Vibrations of air molecules moving through the air are received and translated into messages that the brain recognizes as sound by a complex organ--the ear. The ear has two important, but different, functions: hearing and sensing the body's equilibrium, or balance. The mechanisms for these processes are located within a hollow space in the skull's temporal bone.

Parts of the Ear and Hearing

The ear has three separate sections:the outer ear, the middle ear, and the inner ear. Each section performs a specific function, related to either hearing or balance. The three parts of the outer ear are the auricle (also called the pinna), the external auditory meatus (or ear canal), and the tympanic membrane (or eardrum).
The pinna collects sound waves from the air. It funnels them into a channellike tube, the external auditory meatus . This is a curved corridor that leads to the tympanic membrane.
The eardrum separates the external ear from the middle ear. The middle ear is an irregular-shaped, air-filled space, about 0.75 inch (1.9 centimeters) high and 0.2 inch (0.5 centimeter) wide. A chainlike link of three tiny bones, the ossicles, spans the middle ear.

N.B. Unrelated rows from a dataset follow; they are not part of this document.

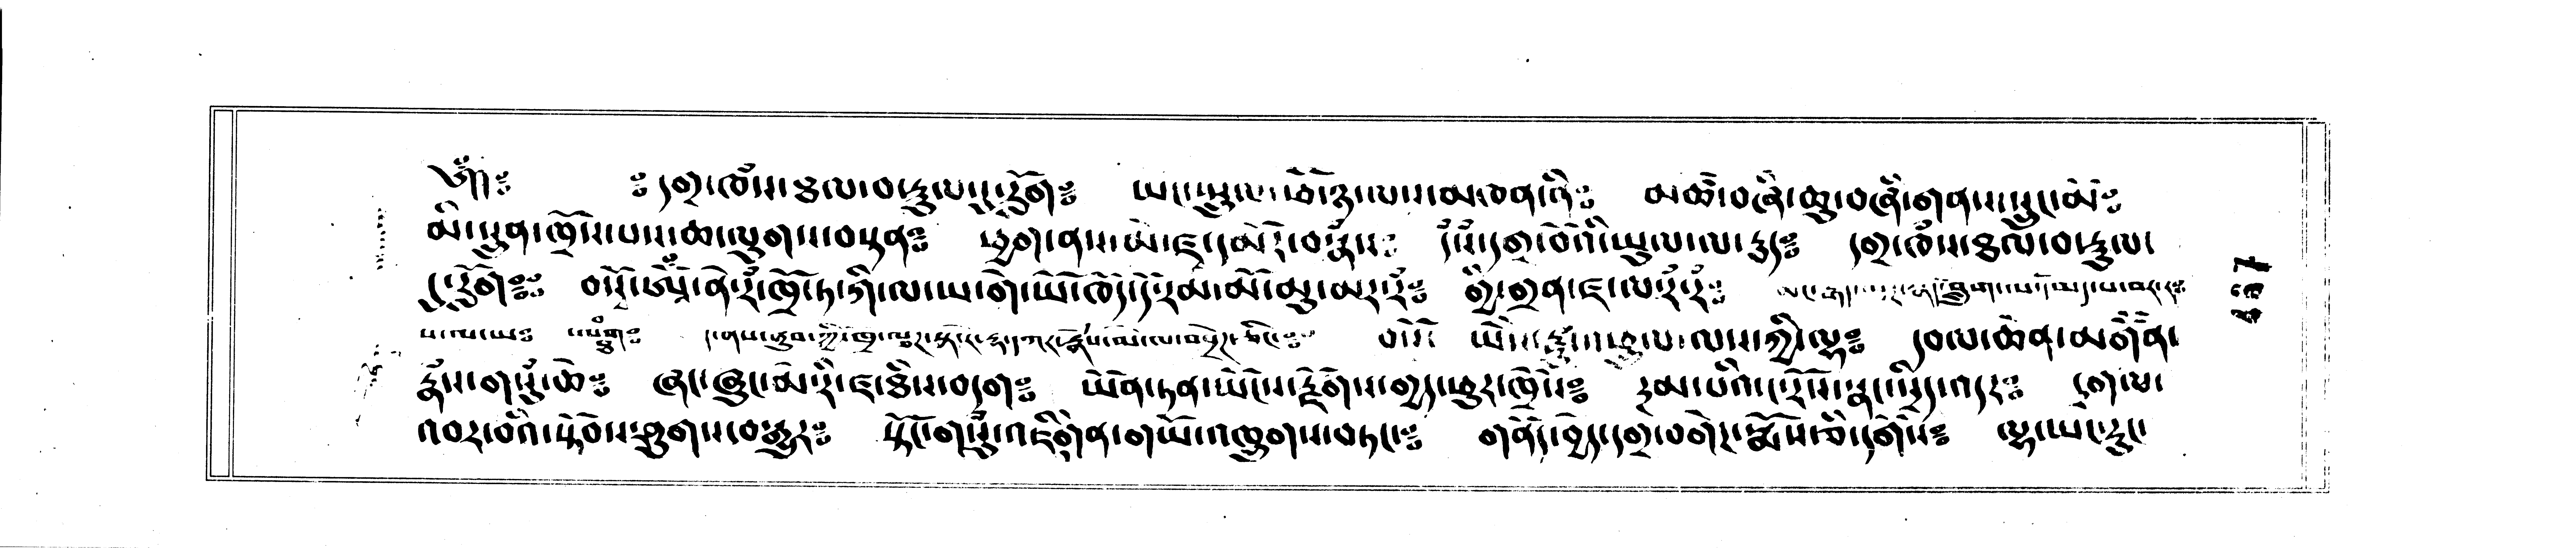དགྲ་ཁམས་ཐལ་བ་རྡུལ་དུ་རློག༔ ཡང་སྤྲུལ་ཕོ་ཉ་ལས་མཁན་ནི༔ མཚོ་བཞི་ཆུ་བཞི་གནས་སྲུང་མོ༔ 
མི་སྲུན་ཁྲོས་པས་ཆ་ལུགས་བསྟན༔ཕྱག་ནས་མེ་ཛྭ་དམར་པོ་བསྣམས༔དམ་ཉམས་དགྲ་བོའི་ཡུལ་ལ་རྦད༔དགྲ་ཁམས་ཐལ་བ་རྡུལ་
དུ་རློག༔བསྭོ་ཨཱོཾ་ནེ་རཾ་ཁྲོ་ཏ་ཀི་ལ་ཡ་གེ་ཡོ་ཁོད་དོ་རམ་མོ་མུ་མར་རཾ༔གྱི་གྲན་ཛ་ལ་རཾ་རཾ༔ ཆང་རྒོད་ལྕགས་སྣོད་བླུག་ལ་དམོད་པ་བོར་རོ༔
ས་མ་ཡ༔ཨགྠཾ༔ དེ་ནས་ནུབ་ཀྱི་ཁྲོ་ལྕགས་སྟ་རེ་རྡོ་དཀར་རྣམས་མེ་ལ་བསྲེགས་ཅིང༔བསྭོ༔ཡེ་ཤེས་རྫུ་འཕྲུལ་ལས་ཀྱི་ལྷ༔དབལ་ཆེན་མགོན་པོ་
རྣམས་གསུམ་ཆེ༔ཞང་ཞུང་མེ་རི་ཛྭ་ཐིས་བདག༔ཡོན་ཏན་ཡོངས་རྫོགས་གྱད་ཕུར་ཁྲོས༔རྔམ་པའི་ང་རོས་སྣང་སྲིད་འདར༔དྲག་རྩལ་
འབར་བའི་སྟོབས་ཤུགས་བསྒྱུར༔སྟོང་གསུམ་འཇིག་རྟེན་གཡོ་འཁྲུག་བཏང་༔གནོད་བྱེད་དགྲ་བགེགས་སྨོས་ཅི་དགོས༔ལྷ་ཡང་རུང་
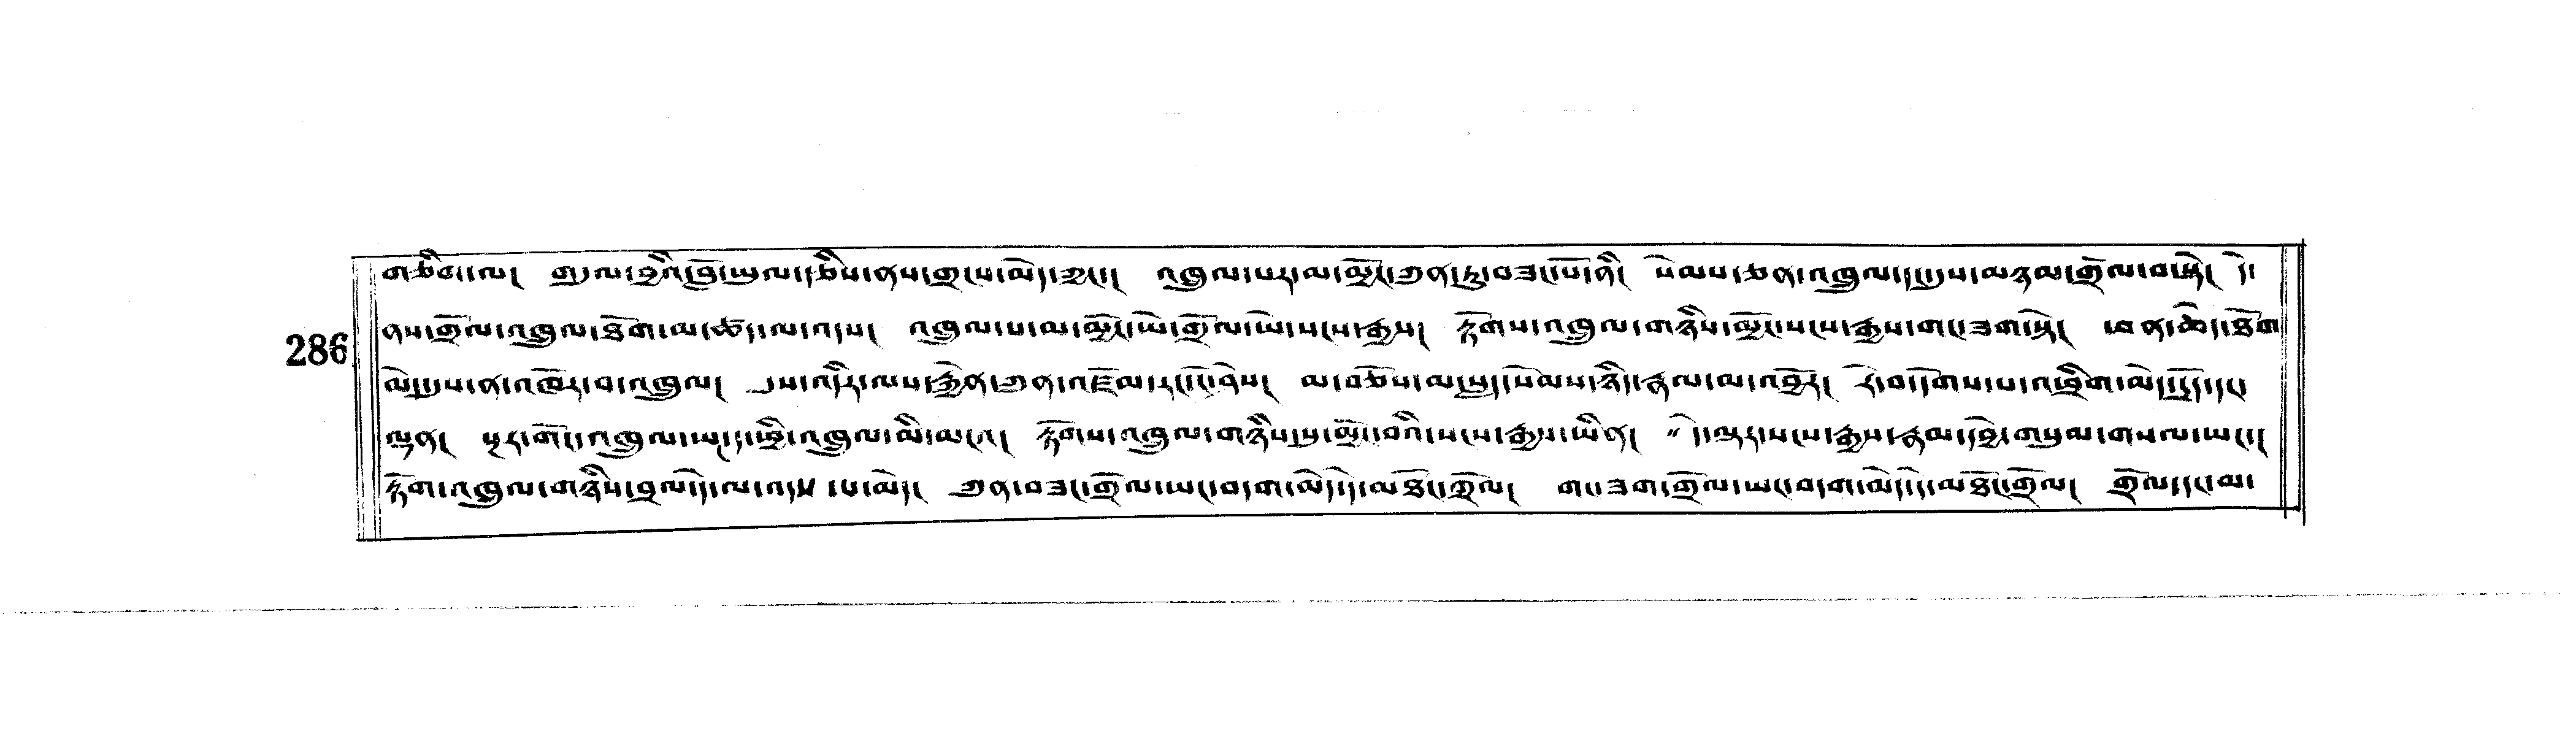གཅིག་ལ། གདུལ་བྱའི་བློ་ཡུལ་བརྩིས་ན་གྲངས་མེད་ཀྱང་། འཁྲུལ་པར་མ་མྱོང་ཀུན་ཏུ་བཟང་པོ་ནི། སེམས་ཅན་འཁྲུལ་དང་དུས་མཉམ་གྲོལ་བ་སྟེ། དེ་
ནས་གྲོལ་འཁྲུལ་ཐོག་མ་ཚད་ལས་འདས། འཁྲུལ་པ་མ་མྱོང་ཡེ་གྲོལ་ཡེ་སངས་རྒྱས། རྟོགས་འཁྲུལ་གཉིས་མྱོང་སངས་རྒྱས་གང་ཟག་སྟེ། ཕན་ཆེད་ཐོག་
མེད་དུས་ནས་འཁོར་བ་འཁྲུལ། དུས་འདིར་ལས་རྐྱེན་ཀུན་འཛོམས་རང་ངོ་ཤེས། མ་བཅོས་མ་བསླད་སེམས་ཉིད་རྣལ་མ་འབྱོར། རེ་བ་དྭོགས་པ་འཕྲིག་མེད་དྲོད་དང་
ལྡན། སྔར་གོང་འཁྲུལ་ཡང་ད་ཕྱི་འཁྲུལ་མི་མངའ། རྟོགས་འཁྲུལ་གཉིས་སུ་མྱོང་བའི་སངས་རྒྱས་ཡིན། ༧ དེ་ལྟར་སངས་རྒྱས་རྣམ་དབྱེ་གསུམ་གསལ་ཡང་། 
རྟོགས་འཁྲུལ་གཉིས་བྲལ་དེ་ལ་འདས་པ་མེད། ཀུན་བཟང་གྲོལ་ཡང་བདག་མེད་དེ་མཐོང་གྲོལ། གང་ཟག་གྲོལ་ཡང་བདག་མེད་དེ་མཐོང་གྲོལ། གྲོལ་དང་མ་

When sound waves strike the outer surface of the eardrum, it vibrates. These vibrations are mechanically transmitted through the middle ear by the ossicles. The malleus, or hammer, is the first ossicle to receive vibrations from the eardrum. It passes them to the second ossicle--the incus, or anvil. The third ossicle--the stapes or stirrup--relays the vibrations to a membrane that covers the opening into the inner ear. This opening is the round window.
Like the eardrum, the round window's membrane transmits vibrations. It directs vibrations into the inner ear, where they enter a fluid that fills a structure called the cochlea. This is a coiled tube that resembles a snail's shell. If the cochlea were straightened out, it would measure slightly more than 1 inch (2.54 centimeters).
Within the cochlea is housed the true mechanism of hearing, called the organ of Corti. It contains tiny hair like nerve endings anchored in a basilar membrane, which extends throughout the cochlea. The unattached tips of these nerve endings are in contact with an overhanging "roof membrane," called the tectorial membrane.
When vibrations pass into the inner ear, they cause waves to form in the cochlear fluid. Receptor nerve cells in the organ of Corti are highly sensitive to these waves. Other specialized nerve cells send the electrochemical impulses produced by the wave motion into the cochlear branch of the acoustic nerve. This nerve carries the impulses to the brain, where sound is identified.